I just stumbled on a pretty detailed article on electrolysis that gives instructions for removing the black muck left after the rust has migrated.

https://www.metaldetectingworld.com/electrolysis_rust_removal.shtml


----------



## Joey Shabadoo (2 May 2021)




----------



## Darius_Jedburgh (2 May 2021)

But what, exactly, is it?


----------



## classic33 (2 May 2021)

Darius_Jedburgh said:


> But what, exactly, is it?


A leg vice attached to a suitable "portable" work stand/table.


----------



## ColinJ (2 May 2021)

Darius_Jedburgh said:


> But what, exactly, is it?





Joey Shabadoo said:


> A nice wee blacksmith's post vice and stand.


----------



## Joey Shabadoo (2 May 2021)

My back disagrees with the "portable" bit. Definitely a 2 person lift.

A "post" or "leg" vice differs from normal vices in that all the energy from battering whatever it's holding with big hammers is dissipated down the post and into the ground - none into the workbench. If you used a normal vice - like the one attached to my wooden bench in my wooden shed with a wooden floor - you're liable to damage the bench and/or shed. In addition, when you batter downwards on your normal vice, a lot of the energy goes through the threads which could also be damaged. 

This post vice is designed for big hairy lummoxes like me to mallet big bits of iron with bloomin' great hammers. They're deceptively clever bits of engineering almost unchanged since the 1800s.


----------



## slowmotion (3 May 2021)

I'll admit to being a sensitive soul......those countersunk shiny socket head screws put a hurt on my eye.


----------



## battered (3 May 2021)

I think that a leg vice is traditionally forged steel or cast steel and not cast iron. Cast iron is brittle and it is possible to break a cast iron vice with a big enough hammer. This one will be steel and if you hit it hard enough it will simply bend. This makes them immune to the biggest blacksmith.


----------



## classic33 (3 May 2021)

slowmotion said:


> I'll admit to being a sensitive soul......those countersunk shiny socket head screws put a hurt on my eye.

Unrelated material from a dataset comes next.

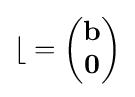
{\mathcal {b}}={\begin{pmatrix}\mathbf {b} \\{\boldsymbol {0}}\end{pmatrix}}

He could have blackened them, so they didn't stand out as much I'll agree.


----------



## Seevio (3 May 2021)

battered said:


> I think that a leg vice is traditionally forged steel or cast steel and not cast iron. Cast iron is brittle and it is possible to break a cast iron vice with a big enough hammer. This one will be steel and if you hit it hard enough it will simply bend. This makes them immune to the biggest blacksmith.


In all fairness, It's possible to break nearly everything with a big enough hammer.


----------



## fossyant (3 May 2021)

Joey Shabadoo said:


> My back disagrees with the "portable" bit.
> 
> This post vice is designed for big hairy lummoxes like me to mallet big bits of iron with bloomin' great hammers.



Your poor bike. 

👅


----------



## Cerdic (3 May 2021)

Well that came up nice, didn't it!


----------



## randynewmanscat (3 May 2021)

slowmotion said:


> I just stumbled on a pretty detailed article on electrolysis that gives instructions for removing the black muck left after the rust has migrated.
> 
> https://www.metaldetectingworld.com/electrolysis_rust_removal.shtml


Using demin water helps a lot as does changing the solution before the last of the iron oxide layer falls away.


----------



## randynewmanscat (3 May 2021)

Seevio said:


> In all fairness, It's possible to break nearly everything with a big enough hammer.


Oh yes it most definitely is.


----------



## ColinJ (4 May 2021)

Seevio said:


> In all fairness, It's possible to break nearly everything with a big enough hammer.





randynewmanscat said:


> Oh yes it most definitely is.


If you think of an industrial hydraulic press as being a very big, very slow hammer then I know of some mad Finns who are eager to prove that fact to you on the Hydraulic Press Channel on YouTube...!



PS Big fun at 5:50!!!


----------